VINCENT WARREN: No, that's definitely true. I really cut my political teeth in college, and I was one of the leaders in my college to get the school to divest from, you know, holdings in South Africa. But you're right. I mean, the political situation was a little bit different, because there was also not only a divestment movement, but there was also—people were not traveling to the country, at least officially, to get in. I'm sure that if they had been, that the South African government might have taken this role.
But what is interesting about Israel is that it is a fluid situation. I think it has also captured the international attention the way that South Africa has. And I think the big challenge now in the information age, which we didn't have back in 1980-something, is how do we stay in touch and support the work that's happening on the ground from a place like the United States, which would include also working, in country, with students and with activists, to make sure that, if nothing else, the actual stories get out to the international community.
AMY GOODMAN: I mean, we're talking about a moment now of severe crisis, not that in recent years it hasn't been, but in Gaza.
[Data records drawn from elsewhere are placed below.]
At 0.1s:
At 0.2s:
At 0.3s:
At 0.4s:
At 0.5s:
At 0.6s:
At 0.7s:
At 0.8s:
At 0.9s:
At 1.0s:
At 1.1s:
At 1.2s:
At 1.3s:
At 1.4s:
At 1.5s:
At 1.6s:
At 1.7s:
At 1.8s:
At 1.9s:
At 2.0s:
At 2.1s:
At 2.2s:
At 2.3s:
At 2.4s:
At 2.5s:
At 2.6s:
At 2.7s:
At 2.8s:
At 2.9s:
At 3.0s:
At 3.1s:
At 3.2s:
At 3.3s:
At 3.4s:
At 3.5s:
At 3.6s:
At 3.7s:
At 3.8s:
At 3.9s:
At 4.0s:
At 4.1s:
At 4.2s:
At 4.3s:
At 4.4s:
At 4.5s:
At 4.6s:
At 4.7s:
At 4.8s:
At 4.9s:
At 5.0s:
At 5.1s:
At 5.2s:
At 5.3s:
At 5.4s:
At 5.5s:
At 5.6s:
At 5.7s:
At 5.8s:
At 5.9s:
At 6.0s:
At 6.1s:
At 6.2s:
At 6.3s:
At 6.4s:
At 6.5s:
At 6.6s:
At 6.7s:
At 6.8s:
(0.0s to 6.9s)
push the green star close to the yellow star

Since March 30th, this massive, nonviolent, ongoing protest at the wall between Israel and Gaza, nonviolent protesters gunned down by the Israeli military, more than 40 of them at this point, two journalists, Palestinian journalists, as we described the picture of—showing the picture of one of them with a very clear "PRESS" sign on him, these protests continuing up through May 15th, the 70th anniversary of the founding of Israel, what Palestinians call the Nakba, when they were, so many, hundreds of thousands of them, were expelled. Were you planning to go to Gaza?
VINCENT WARREN: No, we were not planning to go to Gaza, and mostly because you can't get into Gaza, number one. Number two, that these—the delegation were people that had not been to the region before, mostly, and so we were looking primarily to have them interact with folks in Israel and in the West Bank, but outside of Gaza.
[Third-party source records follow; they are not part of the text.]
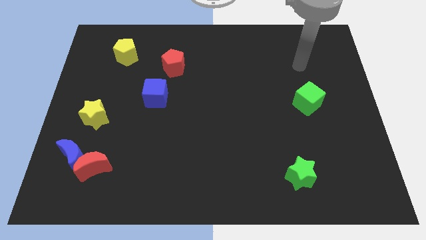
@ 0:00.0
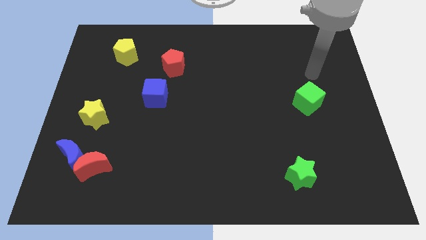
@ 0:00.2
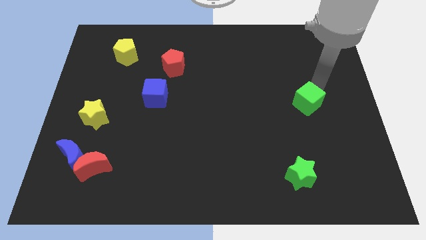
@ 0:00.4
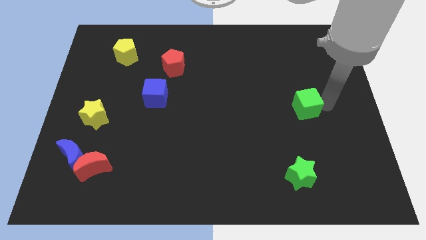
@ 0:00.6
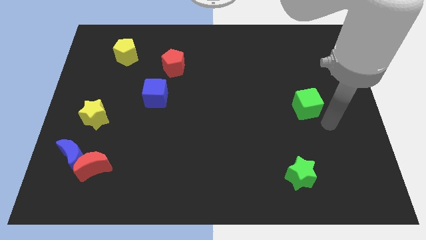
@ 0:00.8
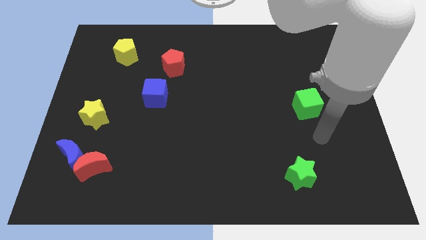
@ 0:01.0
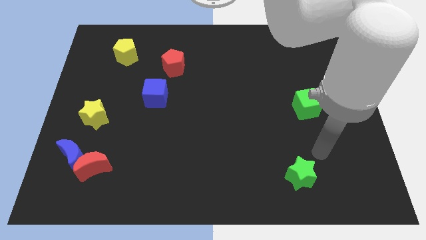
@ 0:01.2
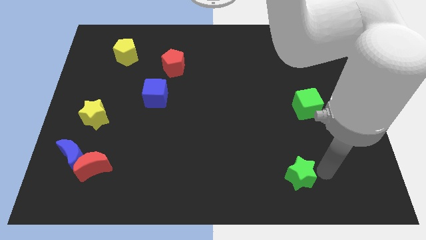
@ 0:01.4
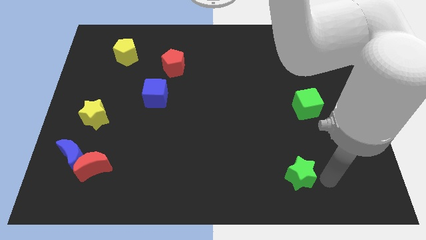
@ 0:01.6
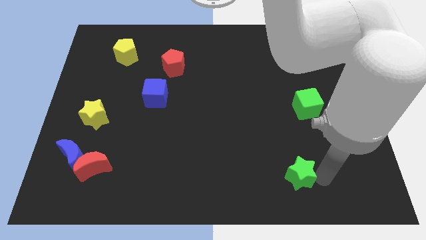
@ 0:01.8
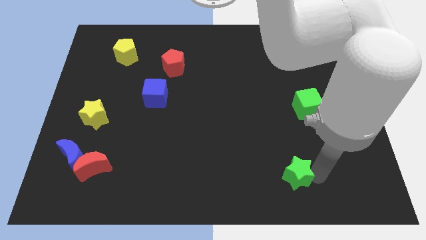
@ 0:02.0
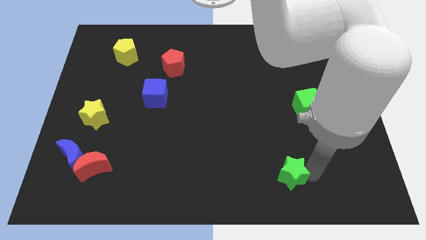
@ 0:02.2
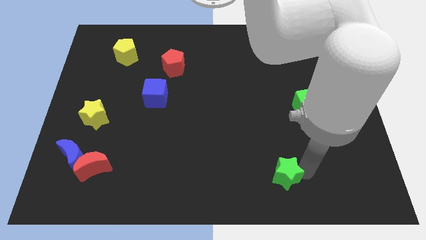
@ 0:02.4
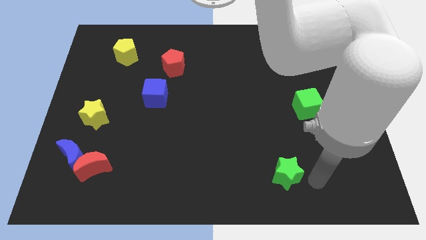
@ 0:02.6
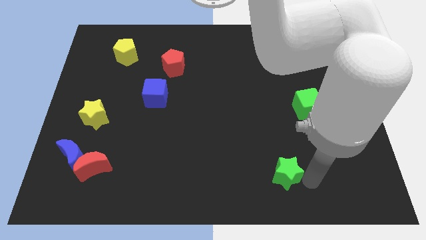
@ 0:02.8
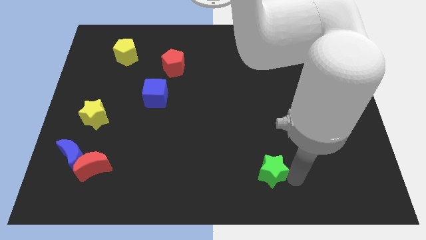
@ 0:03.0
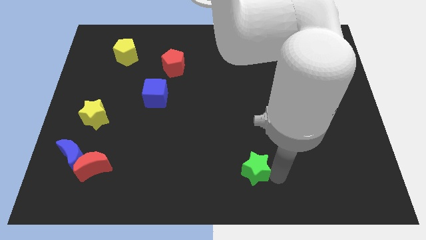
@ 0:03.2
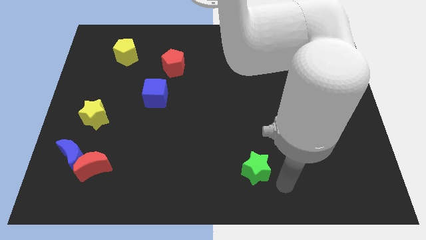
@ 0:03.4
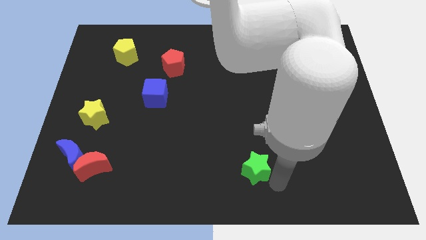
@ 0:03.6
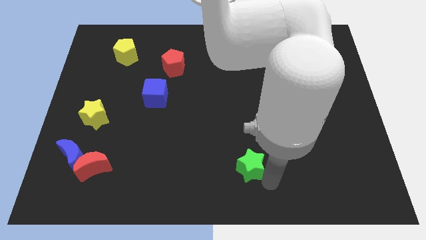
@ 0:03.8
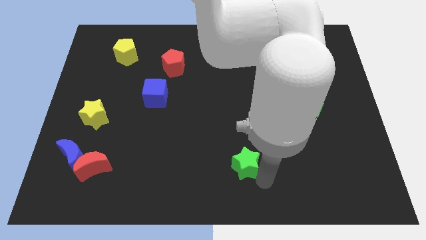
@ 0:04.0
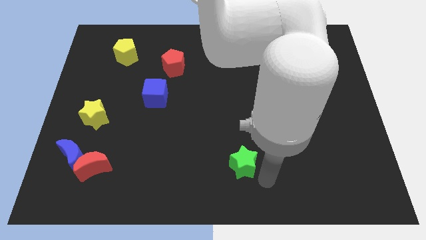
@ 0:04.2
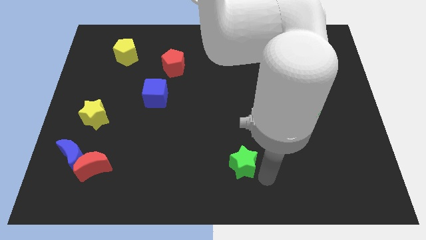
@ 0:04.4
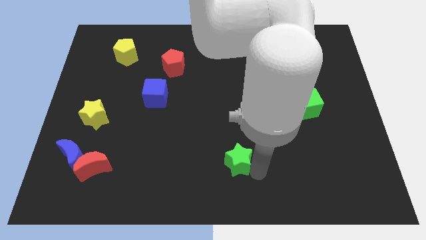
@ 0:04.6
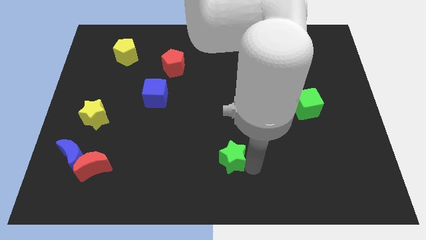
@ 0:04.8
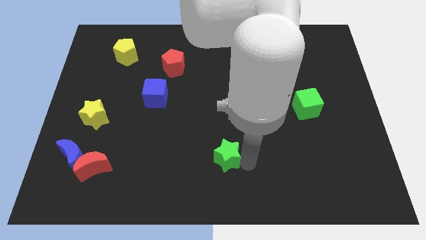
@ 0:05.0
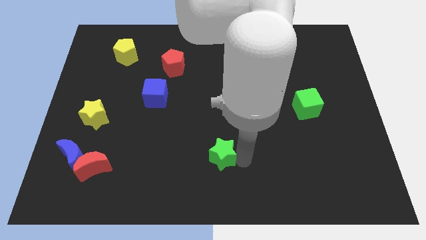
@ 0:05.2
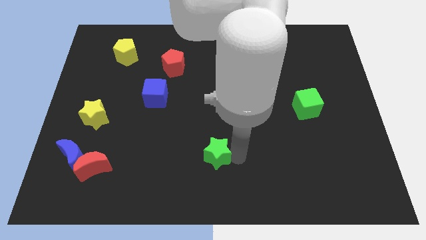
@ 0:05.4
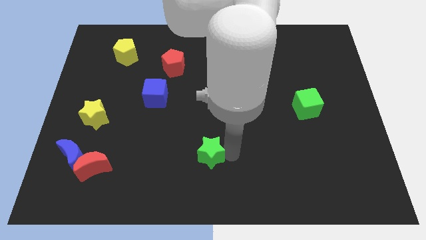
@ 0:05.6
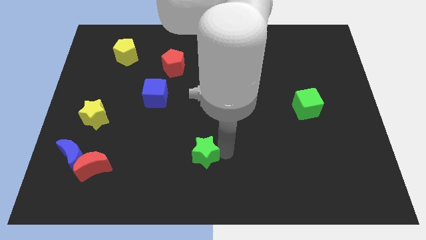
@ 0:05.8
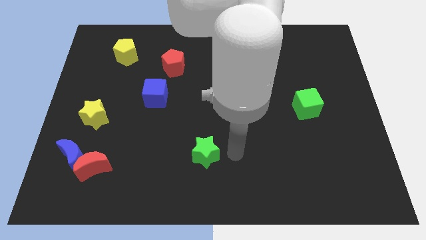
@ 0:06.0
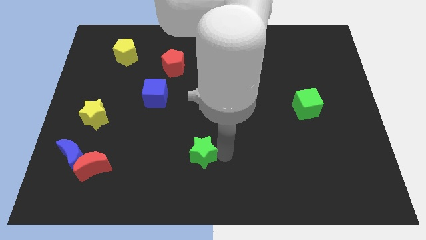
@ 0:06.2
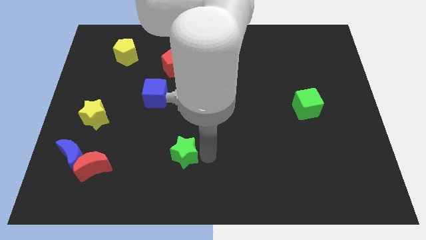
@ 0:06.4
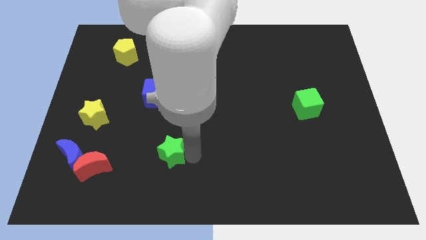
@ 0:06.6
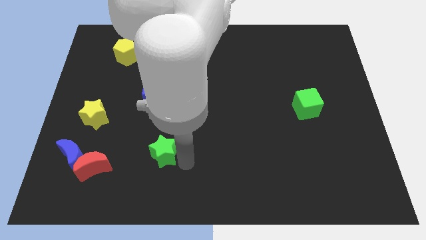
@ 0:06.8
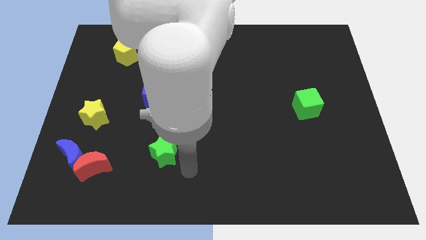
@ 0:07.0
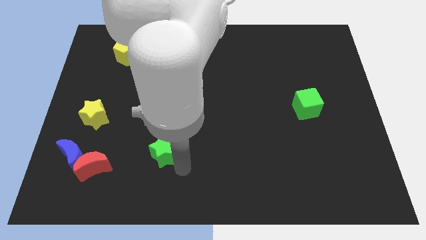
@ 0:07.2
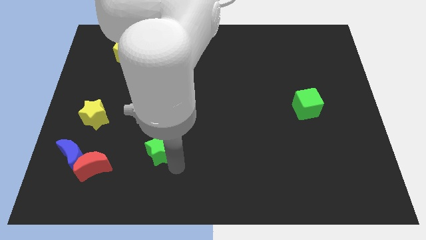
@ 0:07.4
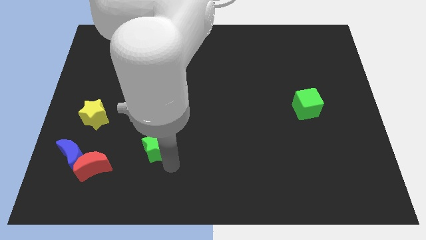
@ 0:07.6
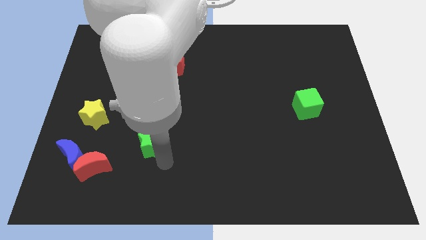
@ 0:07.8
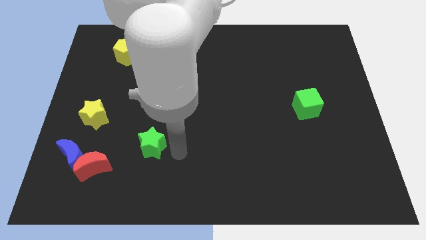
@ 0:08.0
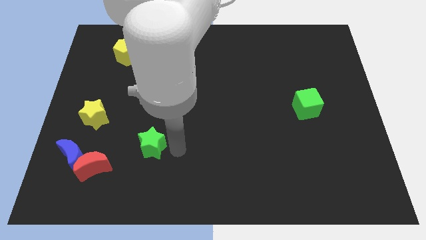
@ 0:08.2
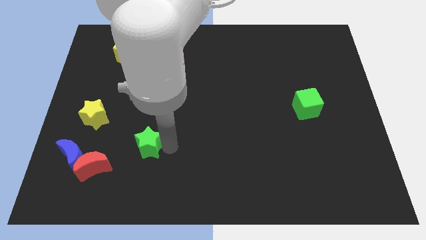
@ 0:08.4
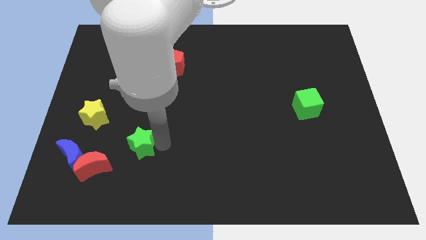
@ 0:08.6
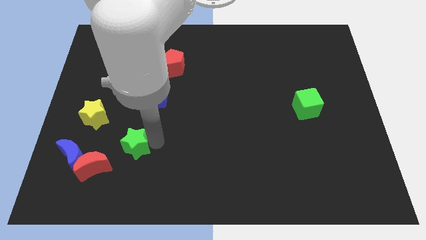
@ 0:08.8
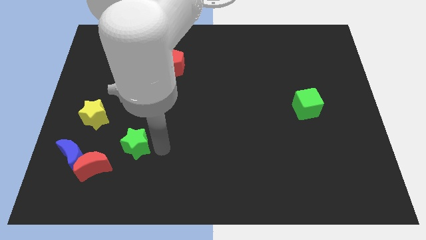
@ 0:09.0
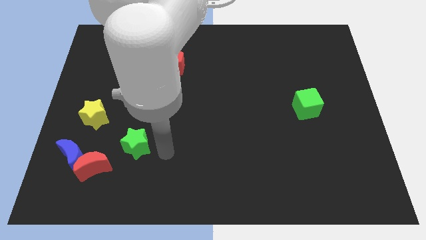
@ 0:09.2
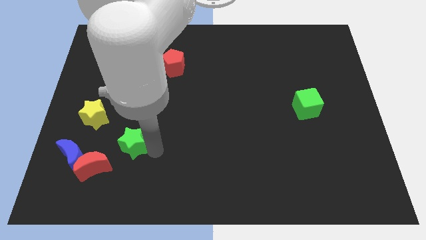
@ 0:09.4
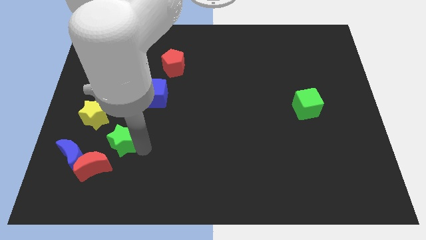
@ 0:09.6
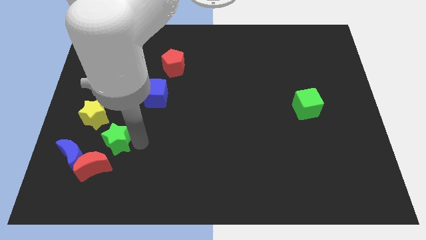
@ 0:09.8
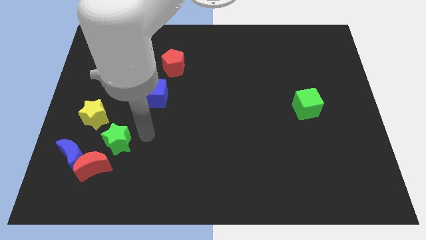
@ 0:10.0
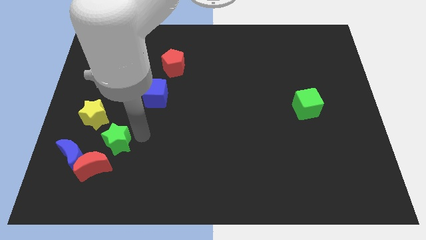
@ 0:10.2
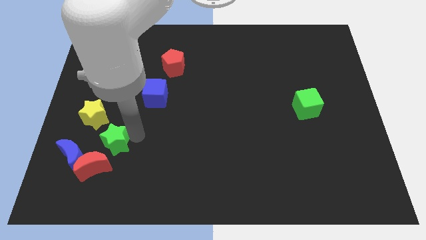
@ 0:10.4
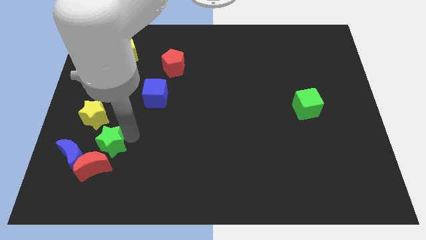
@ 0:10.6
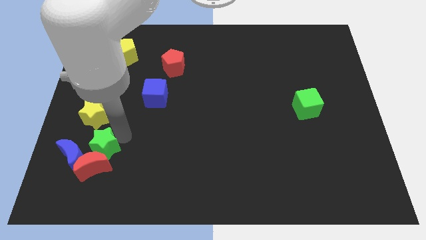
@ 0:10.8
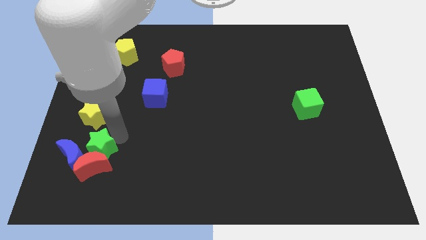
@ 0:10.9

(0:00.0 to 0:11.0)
put the green star close to the blue moon

But I will say that it is an absolute crisis that's going on. And even—even in places like the West Bank and in parts of Jerusalem, which doesn't even approach the horror that's happening in Gaza, it is an extraordinary situation. This would have been my second time going. And I have to say, the first time that I went, I was expecting really bad things, but I was not prepared—I was not prepared for the level of structural targeting and racial profiling that is happening in that region. It is mind-boggling. And that's why we were trying to bring people to the delegation, because people need to see this for themselves. They can't read about it on Facebook. They can't look at these websites that are characterizing it. They have to see for themselves.
AMY GOODMAN: And certainly, it's astounding the lack of coverage of what's happening in Gaza right now by the corporate media here in the United States.
KATHERINE FRANKE: It is astounding, yes.
AMY GOODMAN: We have to leave it there. Vince Warren, head of the Center for Constitutional Rights; Katherine Franke, professor at Columbia University, law professor. That does it for our show. Both deported from Israel this weekend.